I'm a worrier. I worry if I take things too lightly. I worry what people think. I worry if my heart is in the right place. I worry if I'm going to spend too much at Christmas. I worry about our Community Outreach. I worry about oppression, racism, mental health. I worry about Chief Spence of Attawapiskat First Nation who is on a hunger strike. I worry about my responsibility to unimplemented treaty. I worry about my job and my church. I worry about my marriage, kids, family, friends.
But one thing I didn't worry about this year was our annual Outreach Christmas Dinner. Keitha -- my organizing partner and dear friend -- and I have learned over the years that it always comes together. This year the first donation was a collection taken at Fort Music's Christmas Concert. Wooo Hooo. It was a surprise.
I love surprises, the good surprises, like that time our Director of Curriculum and Instruction was walking by and one of my students was doing the Sword Dance at the front of my classroom as part of her Macbeth project. I wasn't doing anything extra-ordinary, I was just opening up the space where a student could be herself, but to get "caught" by one of my bosses, witnessing something extra-ordinary, that will always be one of my teaching highs.
When Jason assigned me "Joy" for the 18th on the Advent Blog, I smiled. I knew that was our Outreach Dinner date. It's the perfect combination of topic and event, but I kept thinking about that sheep and goats story from Matthew. I wanted to write about that, too. And if I just talked about how wonderful the Christmas Dinner is, I felt like I wasn't being fully honest because, honestly, I have trouble feeling joyful because of all my worry. In fact, I worry if I'm good enough. I worry if I'm going to heaven. I worry if I'm self-righteous. I often worry away my joy.

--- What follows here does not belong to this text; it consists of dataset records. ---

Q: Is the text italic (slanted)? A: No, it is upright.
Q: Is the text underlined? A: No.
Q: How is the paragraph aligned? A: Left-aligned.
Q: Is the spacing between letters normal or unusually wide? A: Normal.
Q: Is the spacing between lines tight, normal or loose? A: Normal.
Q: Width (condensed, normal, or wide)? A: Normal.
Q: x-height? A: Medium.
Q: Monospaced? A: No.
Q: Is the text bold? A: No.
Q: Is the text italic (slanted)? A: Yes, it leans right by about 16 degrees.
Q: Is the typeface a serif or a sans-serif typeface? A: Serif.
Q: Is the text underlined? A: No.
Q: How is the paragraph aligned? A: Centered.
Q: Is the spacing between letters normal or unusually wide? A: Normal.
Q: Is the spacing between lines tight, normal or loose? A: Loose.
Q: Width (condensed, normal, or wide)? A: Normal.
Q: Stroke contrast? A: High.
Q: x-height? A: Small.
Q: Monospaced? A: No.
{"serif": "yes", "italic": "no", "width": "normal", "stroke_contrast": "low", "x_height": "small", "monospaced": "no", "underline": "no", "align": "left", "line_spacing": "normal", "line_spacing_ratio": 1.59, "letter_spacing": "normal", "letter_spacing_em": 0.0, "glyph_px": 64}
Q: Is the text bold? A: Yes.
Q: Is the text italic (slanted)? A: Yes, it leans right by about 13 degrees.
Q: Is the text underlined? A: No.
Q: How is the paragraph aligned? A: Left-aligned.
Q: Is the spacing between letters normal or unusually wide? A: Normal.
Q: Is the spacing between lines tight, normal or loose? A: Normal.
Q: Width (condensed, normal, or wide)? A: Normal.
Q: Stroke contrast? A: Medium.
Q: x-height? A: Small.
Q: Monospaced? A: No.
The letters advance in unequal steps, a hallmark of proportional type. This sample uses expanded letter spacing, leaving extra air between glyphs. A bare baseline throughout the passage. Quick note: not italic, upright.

It's eleven-thirty and the community is trickling in for lunch. The food carts are being loaded in the Commercial Cooking kitchen. Elders, children, men, and women, all nations are under one roof, at one table, and I take a big, beautiful breath.
"For I was hungry and you gave Me food, I was thirsty and you gave Me something to drink, I was a stranger and you brought Me together with yourselves and welcomed and entertained and lodged Me, I was naked and you clothed Me, I was sick and you visited Me with help and ministering care, I was in prison and you came to see Me."
Then the just and upright will answer Him, "Lord, when did we see You hungry and gave You food, or thirsty and gave You something to drink? And when did we see You a stranger and welcomed and entertained You, or naked and clothed You? And when did we see You sick or in prison and came to visit You?"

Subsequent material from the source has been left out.